Limited contribution of recent elevated CO2 to global streamflow changes

Global streamflow, a critical resource for ecosystems, agriculture, and human activities, is influenced by various factors, including rising atmospheric CO₂ (eCO₂). Through direct regulation of vegetation physiology and structure, eCO₂ can either increase or decrease streamflow. However, despite a 21% rise in CO₂ over the past 40 years, its impact on streamflow remains unclear and subject to ongoing debate. This study evaluates the effects of eCO₂ on global streamflow from 1981 to 2020, focusing on its direct regulation of vegetation. Using a dataset of 1,116 unimpacted catchments, we find that precipitation is the dominant driver of streamflow changes, accounting for over 70% of observed variability. In contrast, eCO₂ exhibits a negligible influence, with its median contribution approaching zero across catchments.

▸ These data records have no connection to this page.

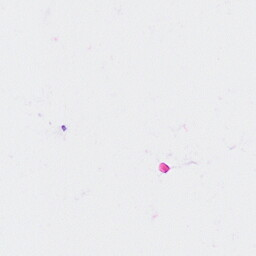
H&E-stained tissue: Ovarian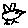
Label: bird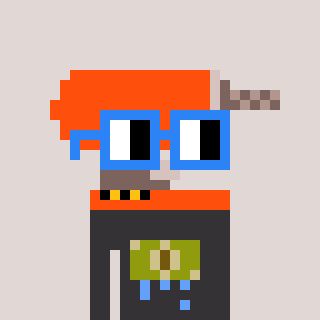
a pixel art character with square blue glasses, a drill-shaped head and a grayscale-colored body on a warm background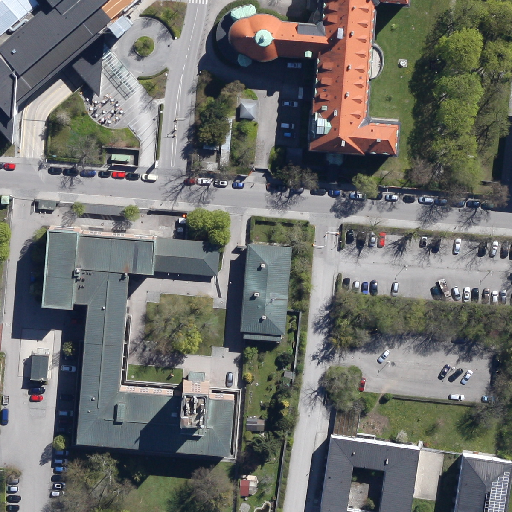
Referring expression: car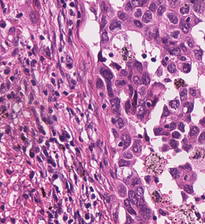
Tumor epithelial tissue: yes
Tumor-associated stroma tissue: yes
Normal tissue: no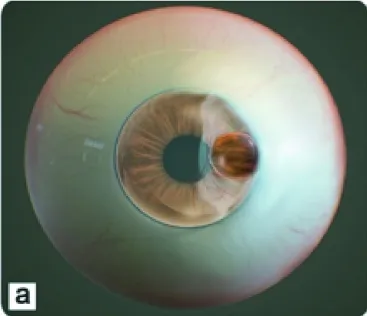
Diagramatic presentation of retrocorneal sclera patch supported cyanoacrylate tissue adhesive application:. Corneal perforation (3.53.5 mm), corneal, limbal, and ,sclera melt.
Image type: endoscopy (airway_endoscopy)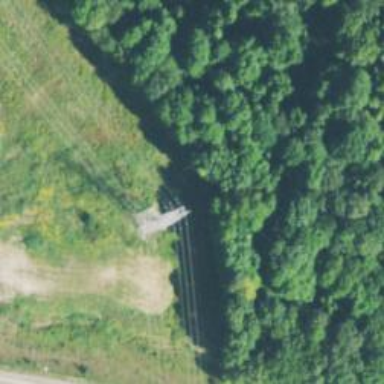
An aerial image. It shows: Lattice structure tower used for power distribution.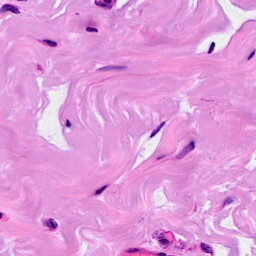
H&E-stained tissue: Breast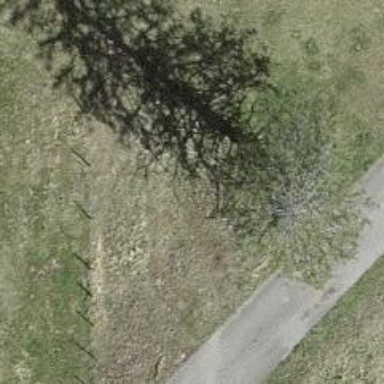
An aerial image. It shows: Beautiful tree in nature.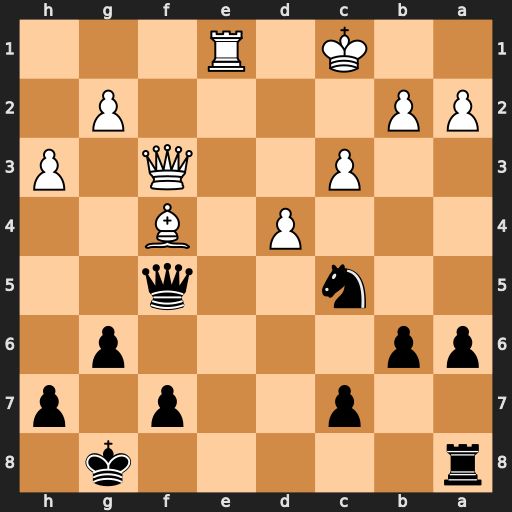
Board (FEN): r5k1/2p2p1p/pp4p1/2n2q2/3P1B2/2P2Q1P/PP4P1/2K1R3
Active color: b
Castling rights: -
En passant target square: -
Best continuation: Qxf4+ Qxf4 Nd3+ Kd2 Nxf4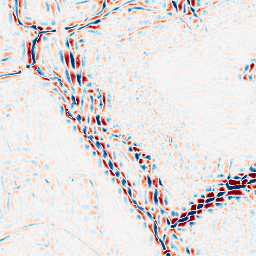
Category: wavelet
Decomposition family: wavelet_dwt
Decomposition parameters: wavelet: coif2
level: 3
Upsampling method: quartic
Upsampling parameters: scale: 8
Upsampling scale: 8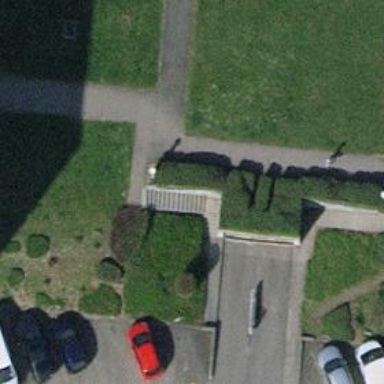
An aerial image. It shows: Road with steps.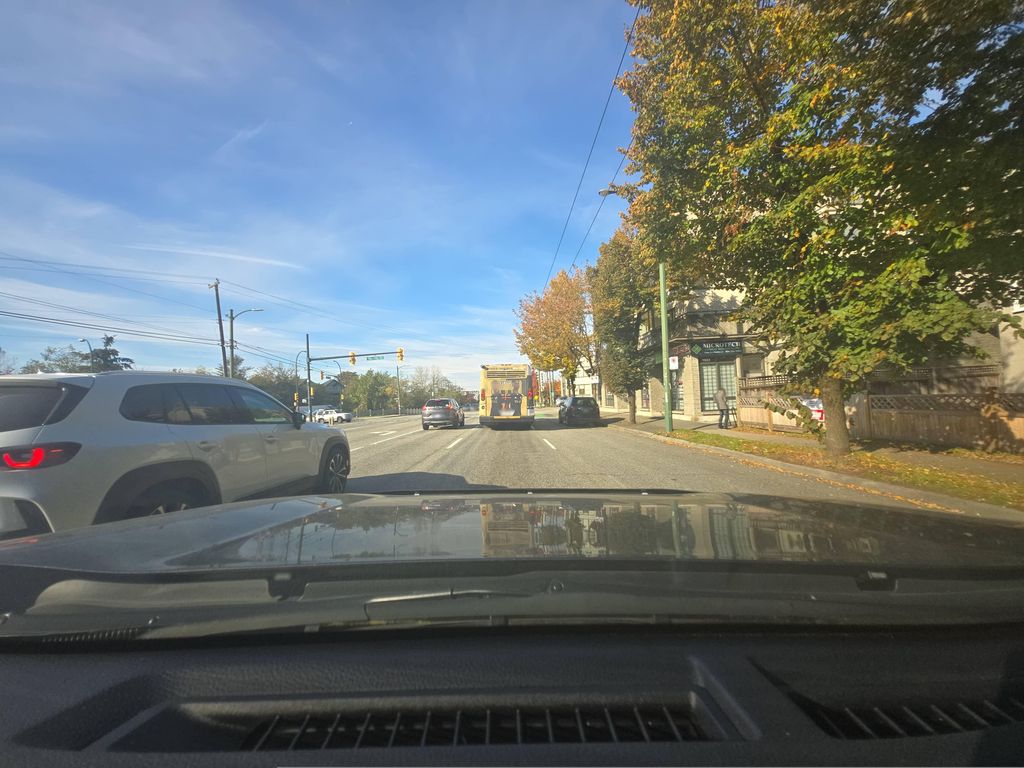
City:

At the global scale, attribution analyses conducted via the regularized optimal fingerprinting method for 14 global ecological model simulations confirm that climate change predominantly explains streamflow trends. No significant evidence supports attributing these changes to eCO₂ or land-use change. Observation-constrained models further enhance the robustness of these findings by reducing uncertainties inherent in global ecological models. These results highlight the limited role of vegetation responses to eCO₂ in driving global streamflow changes, underscoring the primacy of climate variability. This improved understanding of hydrological responses to rising CO₂ is vital for refining future water resource management and adaptation strategies under changing climatic conditions.